Top of RAW DATA

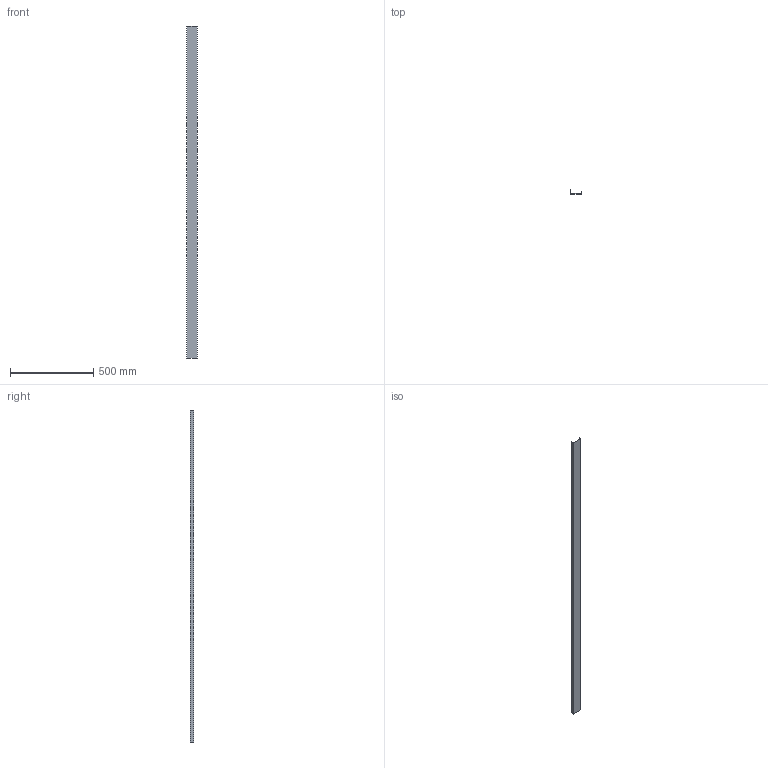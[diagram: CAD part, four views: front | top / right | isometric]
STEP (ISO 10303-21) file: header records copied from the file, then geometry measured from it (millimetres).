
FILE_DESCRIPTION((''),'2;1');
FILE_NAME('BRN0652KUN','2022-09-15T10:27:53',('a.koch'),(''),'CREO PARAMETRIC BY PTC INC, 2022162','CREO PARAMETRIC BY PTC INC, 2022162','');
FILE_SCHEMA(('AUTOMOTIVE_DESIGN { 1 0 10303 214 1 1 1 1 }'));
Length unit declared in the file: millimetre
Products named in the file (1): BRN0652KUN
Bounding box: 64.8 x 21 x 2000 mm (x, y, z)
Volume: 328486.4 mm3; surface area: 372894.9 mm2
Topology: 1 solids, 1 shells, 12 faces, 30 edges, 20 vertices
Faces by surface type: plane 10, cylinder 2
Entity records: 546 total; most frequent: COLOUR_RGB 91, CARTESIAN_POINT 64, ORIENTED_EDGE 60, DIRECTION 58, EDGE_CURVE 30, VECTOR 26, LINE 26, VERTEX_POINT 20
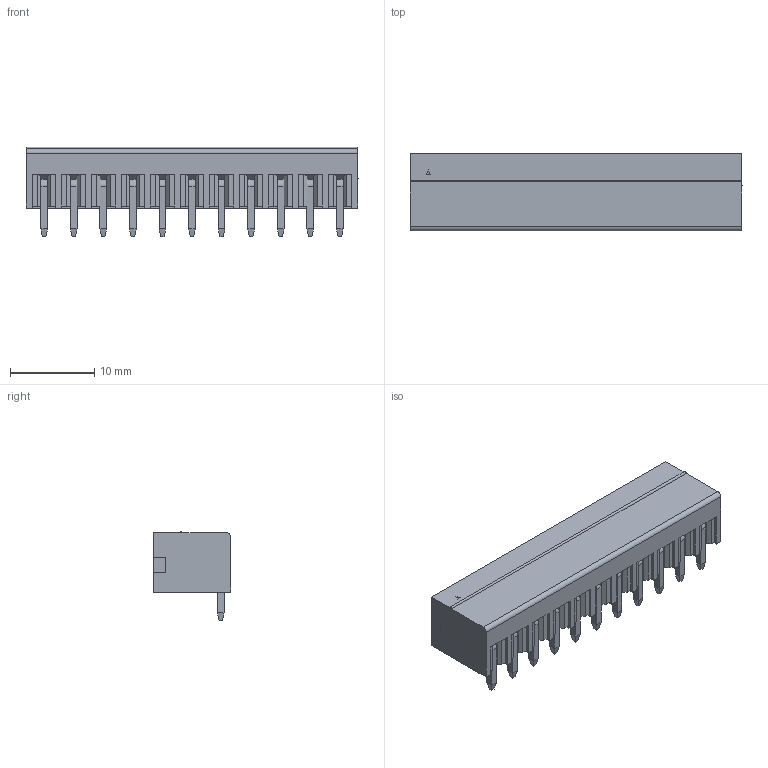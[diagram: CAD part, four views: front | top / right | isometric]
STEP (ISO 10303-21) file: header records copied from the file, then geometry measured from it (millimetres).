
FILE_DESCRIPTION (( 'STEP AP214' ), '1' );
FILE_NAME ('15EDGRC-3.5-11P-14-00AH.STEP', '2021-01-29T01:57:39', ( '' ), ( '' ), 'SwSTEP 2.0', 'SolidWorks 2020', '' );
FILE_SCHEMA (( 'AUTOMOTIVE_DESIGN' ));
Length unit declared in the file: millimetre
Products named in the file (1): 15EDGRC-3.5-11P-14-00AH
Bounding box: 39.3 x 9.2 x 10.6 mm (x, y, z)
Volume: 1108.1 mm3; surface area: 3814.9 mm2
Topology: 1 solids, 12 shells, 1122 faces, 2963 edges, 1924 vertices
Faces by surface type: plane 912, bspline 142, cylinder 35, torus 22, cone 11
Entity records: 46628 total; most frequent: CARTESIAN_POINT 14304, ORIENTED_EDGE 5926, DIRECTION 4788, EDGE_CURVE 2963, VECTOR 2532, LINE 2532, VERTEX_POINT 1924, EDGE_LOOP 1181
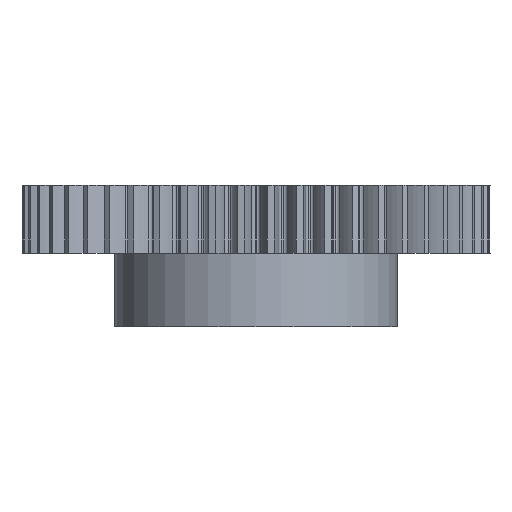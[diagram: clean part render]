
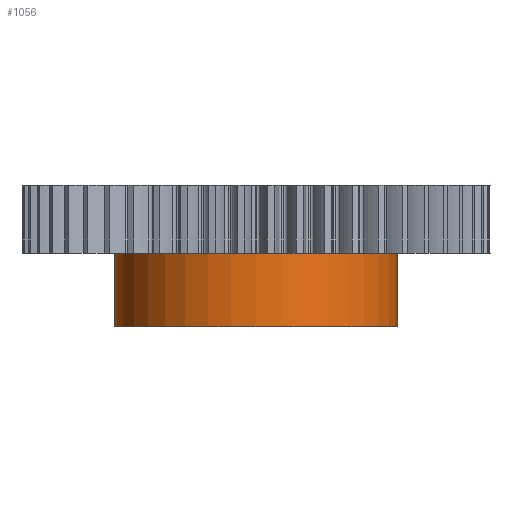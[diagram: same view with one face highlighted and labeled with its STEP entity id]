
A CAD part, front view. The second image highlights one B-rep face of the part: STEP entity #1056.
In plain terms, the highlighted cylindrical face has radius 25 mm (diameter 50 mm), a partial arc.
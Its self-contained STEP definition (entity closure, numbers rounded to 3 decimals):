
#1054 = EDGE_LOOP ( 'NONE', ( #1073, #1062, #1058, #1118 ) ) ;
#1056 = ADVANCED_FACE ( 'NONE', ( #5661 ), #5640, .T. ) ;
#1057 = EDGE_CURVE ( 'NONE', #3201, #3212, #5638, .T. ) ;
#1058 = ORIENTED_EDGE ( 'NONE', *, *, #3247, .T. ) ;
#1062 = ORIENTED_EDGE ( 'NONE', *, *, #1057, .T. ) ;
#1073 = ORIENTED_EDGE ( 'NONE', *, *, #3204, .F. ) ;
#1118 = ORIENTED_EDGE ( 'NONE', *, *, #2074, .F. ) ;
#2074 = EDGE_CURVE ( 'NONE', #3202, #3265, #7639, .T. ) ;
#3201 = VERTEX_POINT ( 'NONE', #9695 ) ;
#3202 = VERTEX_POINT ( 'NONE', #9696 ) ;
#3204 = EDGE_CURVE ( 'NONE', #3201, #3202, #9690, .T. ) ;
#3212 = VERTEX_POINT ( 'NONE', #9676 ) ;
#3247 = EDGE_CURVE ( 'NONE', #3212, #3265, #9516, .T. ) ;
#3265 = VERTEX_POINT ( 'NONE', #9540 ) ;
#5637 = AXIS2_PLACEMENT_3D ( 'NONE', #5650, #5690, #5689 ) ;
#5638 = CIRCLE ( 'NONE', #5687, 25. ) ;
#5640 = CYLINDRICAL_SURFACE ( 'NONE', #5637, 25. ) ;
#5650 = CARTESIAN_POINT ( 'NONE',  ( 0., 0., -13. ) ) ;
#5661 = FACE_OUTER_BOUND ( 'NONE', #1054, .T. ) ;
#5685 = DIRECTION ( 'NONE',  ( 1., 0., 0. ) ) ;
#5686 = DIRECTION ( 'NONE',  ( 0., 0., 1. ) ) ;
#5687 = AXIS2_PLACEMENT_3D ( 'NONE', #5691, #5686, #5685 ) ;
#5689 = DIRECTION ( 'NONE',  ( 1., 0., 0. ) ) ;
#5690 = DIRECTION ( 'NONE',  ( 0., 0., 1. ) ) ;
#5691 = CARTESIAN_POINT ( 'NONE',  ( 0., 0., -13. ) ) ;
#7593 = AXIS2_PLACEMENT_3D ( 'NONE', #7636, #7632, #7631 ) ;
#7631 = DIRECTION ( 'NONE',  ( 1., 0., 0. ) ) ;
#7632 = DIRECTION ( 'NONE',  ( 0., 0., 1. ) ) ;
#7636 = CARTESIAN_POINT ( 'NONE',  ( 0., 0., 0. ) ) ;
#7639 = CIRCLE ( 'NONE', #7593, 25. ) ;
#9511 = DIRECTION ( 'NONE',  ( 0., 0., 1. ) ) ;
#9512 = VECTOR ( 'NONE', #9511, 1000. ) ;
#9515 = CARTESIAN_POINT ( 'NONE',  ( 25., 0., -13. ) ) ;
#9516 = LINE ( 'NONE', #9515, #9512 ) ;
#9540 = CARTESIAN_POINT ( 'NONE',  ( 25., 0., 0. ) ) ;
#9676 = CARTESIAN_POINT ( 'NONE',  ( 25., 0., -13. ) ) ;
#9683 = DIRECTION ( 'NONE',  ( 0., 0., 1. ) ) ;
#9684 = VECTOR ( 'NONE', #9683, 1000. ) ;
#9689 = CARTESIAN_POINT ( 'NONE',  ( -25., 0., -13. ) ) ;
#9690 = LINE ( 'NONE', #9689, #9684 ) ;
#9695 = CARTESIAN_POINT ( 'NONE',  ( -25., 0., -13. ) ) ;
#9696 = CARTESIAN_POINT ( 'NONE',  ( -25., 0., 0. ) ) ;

Bottom of RAW DATA

**TASK DESCRIPTION**
All lines above from the one with "#7593 = AXIS2_PLACEMENT_3D" to the one with "#9540 = CARTESIAN_POINT", inclusive, should be copied exactly, and no other lines.

**WRITTEN ANSWER**
#7593 = AXIS2_PLACEMENT_3D ( 'NONE', #7636, #7632, #7631 ) ;
#7631 = DIRECTION ( 'NONE',  ( 1., 0., 0. ) ) ;
#7632 = DIRECTION ( 'NONE',  ( 0., 0., 1. ) ) ;
#7636 = CARTESIAN_POINT ( 'NONE',  ( 0., 0., 0. ) ) ;
#7639 = CIRCLE ( 'NONE', #7593, 25. ) ;
#9511 = DIRECTION ( 'NONE',  ( 0., 0., 1. ) ) ;
#9512 = VECTOR ( 'NONE', #9511, 1000. ) ;
#9515 = CARTESIAN_POINT ( 'NONE',  ( 25., 0., -13. ) ) ;
#9516 = LINE ( 'NONE', #9515, #9512 ) ;
#9540 = CARTESIAN_POINT ( 'NONE',  ( 25., 0., 0. ) ) ;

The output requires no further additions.